Les syndicats fâchés

Syndicom et les autres organisations du personnel s’indignent: le fait d’externaliser des prestations avec des salaires plus bas ne correspond pas à la notion de service public.

Syndicom ne mâche pas ses mots. La conception du réseau postal présentée hier à la presse constitue à ses yeux «le démantèlement le plus drastique dans l’histoire de La Poste». Pour l’organisation syndicale, on ne peut pas présenter comme une stratégie innovante des mesures qui consistent à transférer des services à des sous-traitants avec des conditions de travail nettement moins bonnes et des salaires plus bas.

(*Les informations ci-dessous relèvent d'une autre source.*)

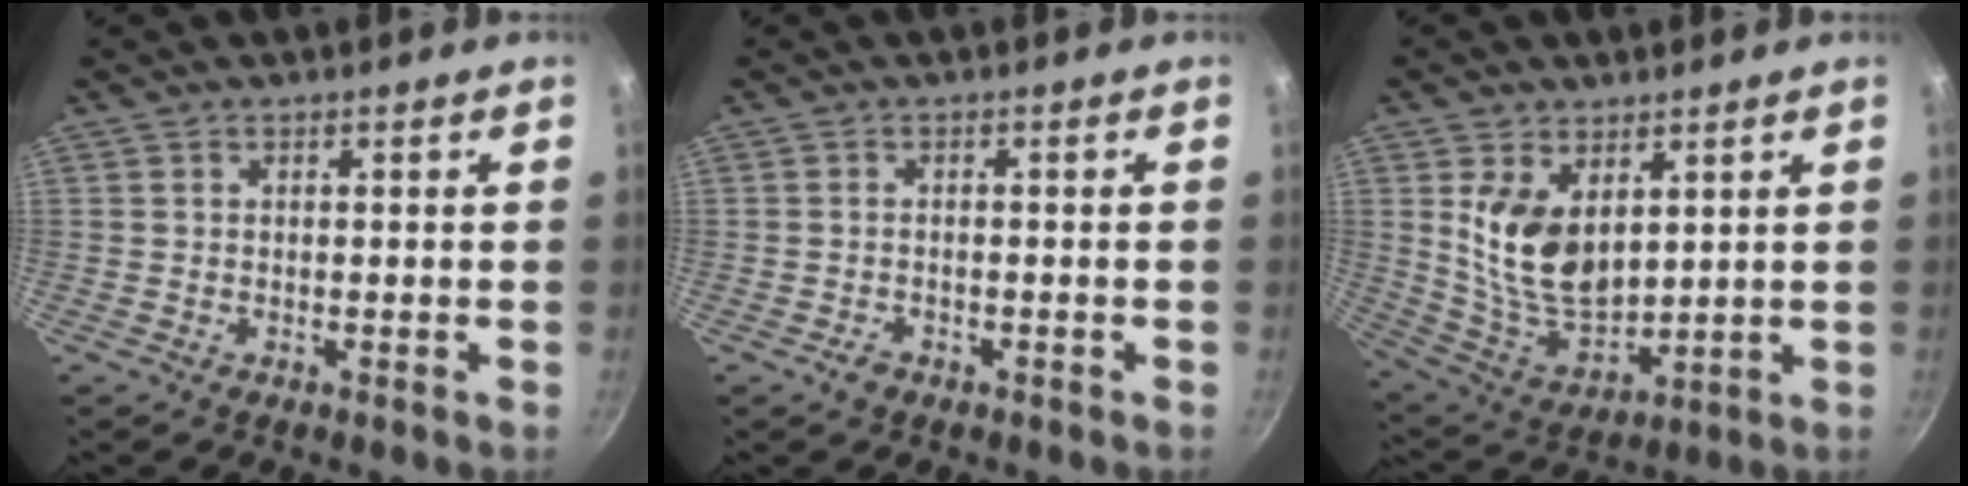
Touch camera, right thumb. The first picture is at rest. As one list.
[{"total": 1.8, "force": [-1.2, 1.1, 0.8], "torque": [-0.018, 0.011, -0.017]}, {"total": 13.1, "force": [4.0, 7.8, 9.7], "torque": [-0.162, -0.039, 0.092]}]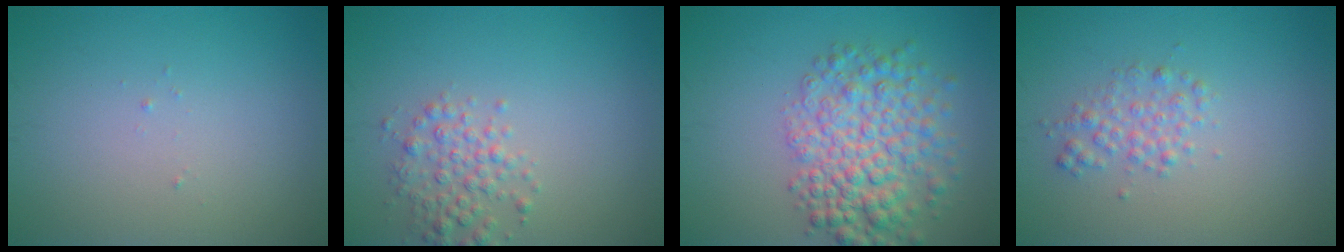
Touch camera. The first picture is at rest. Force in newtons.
{"total": 2.7, "press": 2.7, "slide": 0.1}
{"total": 6.5, "press": 6.5, "slide": 0.2}
{"total": 2.0, "press": 2.0, "slide": 0.0}

«Cela ne correspond pas au statut d’entreprise de service public de La Poste», dénonce le responsable de la communication Christian Capacoel. «Au lieu d’externaliser des prestations, il faut former le personnel aux nouvelles technologies.»

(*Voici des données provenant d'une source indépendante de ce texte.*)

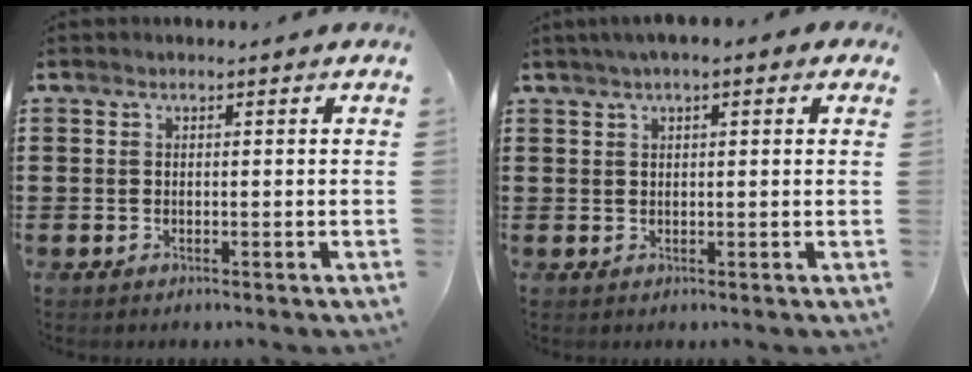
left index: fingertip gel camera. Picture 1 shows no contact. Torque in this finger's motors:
{"motor_torque": [2.14, 0.00, 1.05, 0.21]}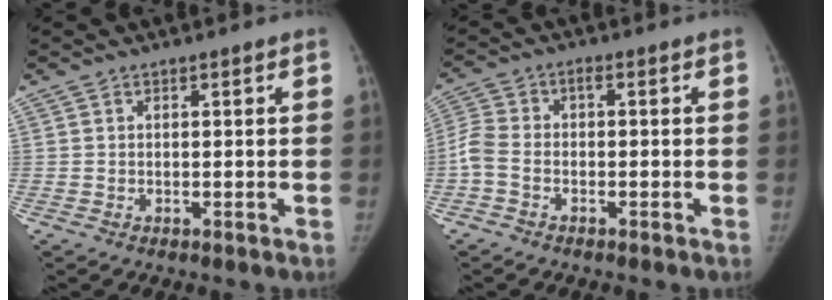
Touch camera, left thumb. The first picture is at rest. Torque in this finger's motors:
{"motor_torque": [-0.49, 0.54, 0.01, 0.00, 0.04]}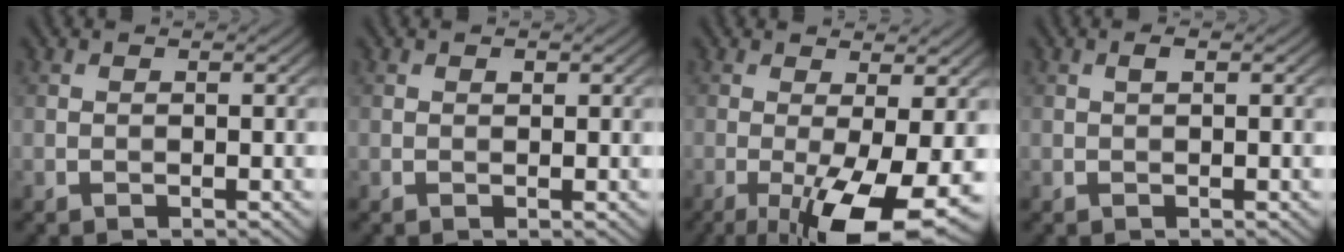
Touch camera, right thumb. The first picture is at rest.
{"total": 0.6, "force": [0.3, 0.4, 0.4], "torque": [-0.006, -0.002, 0.005]}
{"total": 11.6, "force": [-4.4, 2.7, 10.4], "torque": [-0.167, -0.010, -0.060]}
{"total": 1.0, "force": [0.3, 0.3, 0.9], "torque": [-0.019, 0.001, 0.005]}

Même réaction du côté du petit Syndicat autonome des postiers (SAP). Selon lui, le personnel est sacrifié sur l’autel du profit. «Il n’y a aucun salut à attendre du Conseil fédéral et du parlement actuel, affirme le président du SAP Olivier Cottagnoud. Puisque La Poste Suisse ne s’intéresse plus à son réseau, nous proposons aux cantons opposés à ce démantèlement, en particulier les cantons ruraux et alpins, de s’unir pour créer une Poste intercantonale.» Le SAP caresse cette idée depuis plusieurs années, mais Olivier Cottagnoud reconnaît qu’elle n’a jusqu’ici pas suscité l’intérêt escompté.

Toutes les organisations syndicales exigent le maintien des emplois, mais le syndicat Transfair juge inéluctable la transformation du réseau. Il constate que la réduction prévue du nombre des offices de poste respecte le cadre légal et que l’activité de ces offices est effectivement largement déficitaire. «De ce fait, un démantèlement ne pourra pas être évité, à long terme», écrit-il. Néanmoins Transfair ne comprend pas pourquoi le processus doit être aussi rapide.

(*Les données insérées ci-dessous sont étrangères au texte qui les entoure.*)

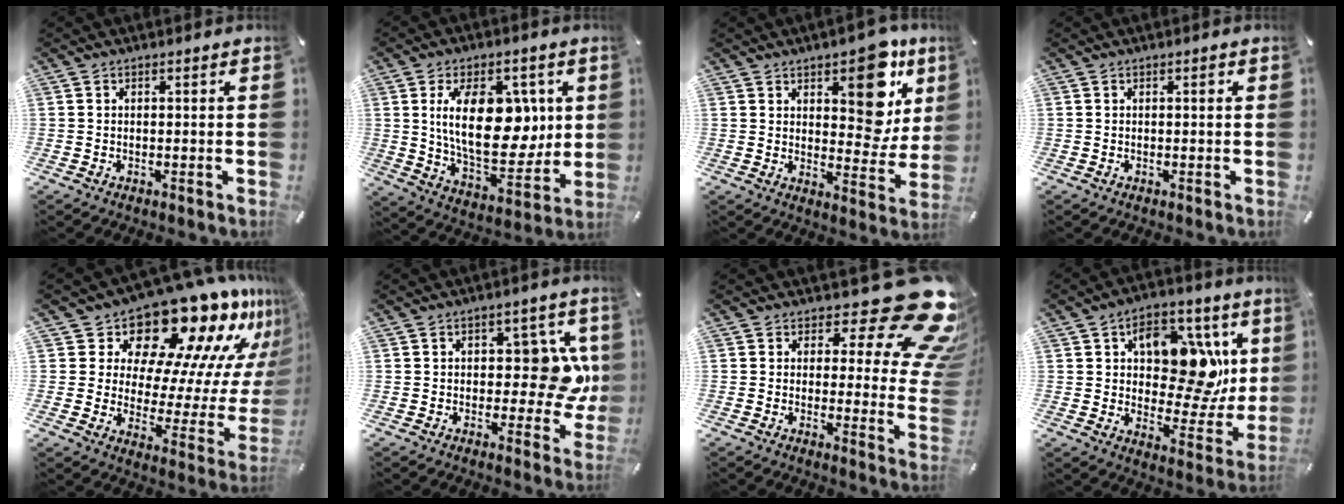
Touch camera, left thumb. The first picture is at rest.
{"total": 19.8, "force": [4.6, 11.3, 15.7], "torque": [-0.266, -0.011, 0.075]}
{"total": 13.8, "force": [7.0, 7.7, 9.2], "torque": [-0.088, -0.054, 0.115]}
{"total": 0.8, "force": [0.2, 0.2, 0.7], "torque": [-0.006, 0.000, 0.000]}
{"total": 20.1, "force": [16.3, 8.4, 8.2], "torque": [-0.094, -0.155, 0.272]}
{"total": 12.7, "force": [0.9, 7.5, 10.1], "torque": [-0.111, -0.002, 0.015]}
{"total": 20.8, "force": [10.6, 8.4, 15.8], "torque": [-0.194, -0.071, 0.172]}
{"total": 16.5, "force": [5.1, 10.5, 11.6], "torque": [-0.149, -0.028, 0.092]}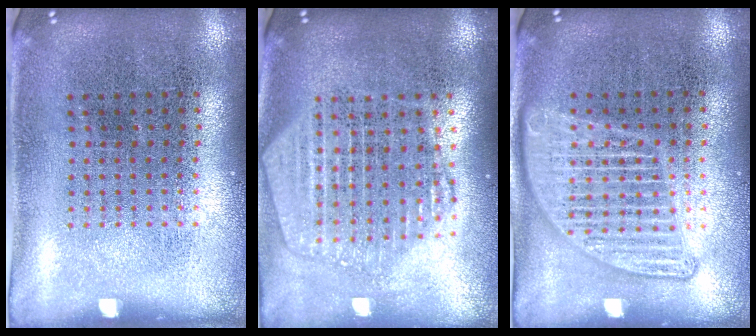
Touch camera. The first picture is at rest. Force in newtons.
{"total": 2.3, "press": 2.0, "slide": 1.1}
{"total": 1.7, "press": 1.7, "slide": 0.2}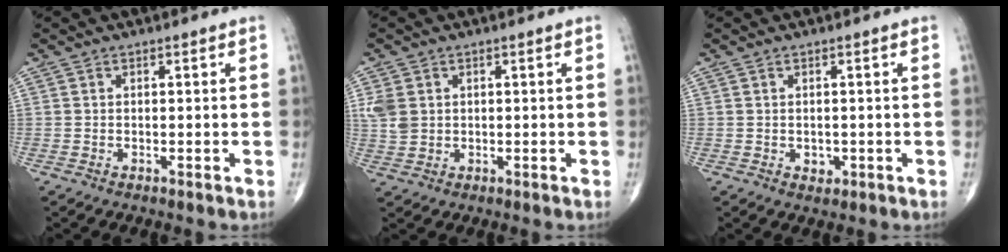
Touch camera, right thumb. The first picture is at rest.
{"total": 4.7, "force": [1.0, 3.7, 2.6], "torque": [-0.051, 0.000, 0.026]}
{"total": 1.8, "force": [-0.2, 1.5, 1.1], "torque": [-0.010, -0.001, 0.002]}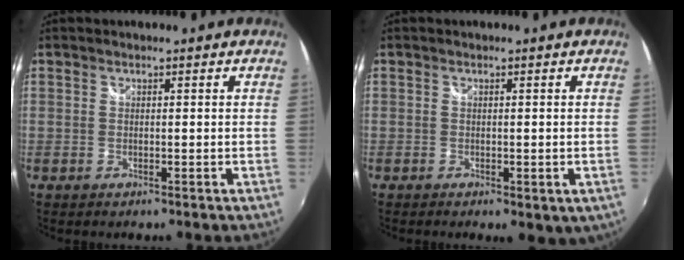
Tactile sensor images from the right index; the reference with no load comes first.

Le Courrier, Jeudi 27 octobre 2016, Christiane Imsand

Trois Questions à Matthias Finger

La Poste a-t-elle raison de mettre le turbo pour transformer son réseau?
Bien sûr. Le déficit du réseau postal se creuse chaque année. Sa transformation est inéluctable. Je constate que La Poste a tardé à réagir en comparaison européenne. Elle s’est contentée jusqu’ici de transformer par ci par là un bureau de poste en agence postale. Ce n’était plus suffisant. Le processus est beaucoup plus avancé dans des pays comme l’Angleterre, l’Irlande ou l’Allemagne, où il n’y a pratiquement plus que des agences postales.

La population tient à ses bureaux de poste…
Oui, c’est un réflexe identitaire. Dans bien des villages, le bureau de poste est le dernier service public dans lequel les gens se reconnaissent. Mais le volume du courrier ne cesse de diminuer et le secteur des colis est soumis à une concurrence croissante. La Poste doit réduire ses coûts. Elle le fait en transformant son réseau, pas en le réduisant. Les agences postales ont l’avantage d’être ouvertes toute la journée tout en coûtant beaucoup moins cher.

Craignez-vous que les milieux politiques freinent le mouvement?
Je m’attends à des réactions, mais le monde politique doit aussi prendre ses responsabilités. Il ne peut pas d’un côté demander à La Poste de se comporter comme une entreprise innovante et rentable au point de ramener chaque année 200 millions de francs dans la caisse de la Confédération, et de l’autre côté chercher à préserver le service public dans la configuration du XIXe siècle. Je regrette d’ailleurs que Postfinance n’ait pas obtenu une licence bancaire complète. Cela aurait accru sa marge de manœuvre.